Holly Kuzmich: That’s an important point. I mean, immigrants strengthen our global competitiveness– and you saw this I’m sure as you traveled the world. And still do, somewhat restrained, especially with COVID. But talk a little bit about how it strengthens our position as a competitor on the economic front.

Condoleezza Rice: I remember sitting next to the Singaporean father in a sense, Lee Kuan Yew, at a dinner when I was national security advisor. And he said to me, “Do you know why America is always going to win, it’s always going to be the strongest place?” And it wasn’t because he loved democracy because he really didn’t. But he said, it’s because if you are a young software engineer in some other place, you might want to go to Japan, but you can never be Japanese. You might want to go to Germany, but you could never be German. He said, “But you can go to America and you can be American. And within a generation, your children will be American.” And that is the pull of people to our shores who want to take advantage of the opportunity, but in doing so, make us stronger. The number of startups by immigrants, the number of places, places of business, small businesses that not even on the technology side, but small businesses of people who come and say, “I’m going to make it in America.”

And then they make America better and they hire other people. And they bring that energy, not to mention the pure demographics of it. Without immigration, we look kind of like the sclerotic demographics of Europe and Japan. And countries are beginning to realize that they need immigrants, but they have a block, which is that their nationality is defined in terms of ethnicity and blood and territory. So the Japanese are trying to find people who are descendants of the Japanese who fled after World War II in Latin America because there is a sense of the purity of the Japanese blood. As a friend of mine says, “We’re all mongrels. We’re all mutts of one kind or another.”

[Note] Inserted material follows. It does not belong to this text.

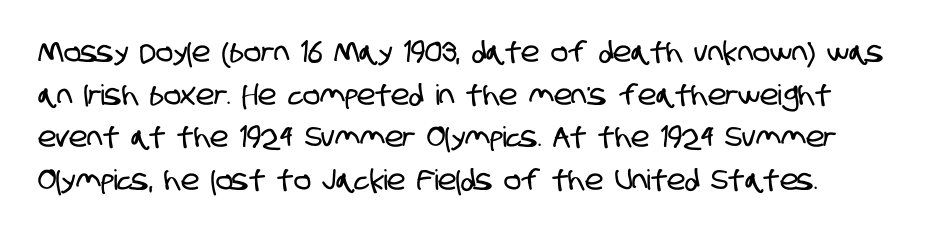
Observe the ordinary spacing: letters are neighbours, not strangers. Nobody drew a line under any word here. Note: no serifs on the glyphs. Is this a fixed-width face? No — the glyphs have proportional, varying widths. Students, observe: this is what conventionally led text looks like.

And so the American concept of citizenship, which is a very modern notion of citizenship: that you’re not defined by ethnicity or nationality or religion. To be American is to have ancestors from any place, to be of any religion. That means that immigrants can come here and very quickly become a part of the fabric of who we are and then they make us stronger. They make us more competitive. They bring energy and innovation. It’s really a wonderful story and I just hope that we’ll always remember that whatever the difficulties, and there are many, we’re seeing it now at the border, but whatever the difficulties, immigration is still America’s secret weapon and why it has been the country that it has been.

Holly Kuzmich: Well, Secretary Rice, thank you. That is a great way and a great message for this interview. So thank you for taking a little time with us today.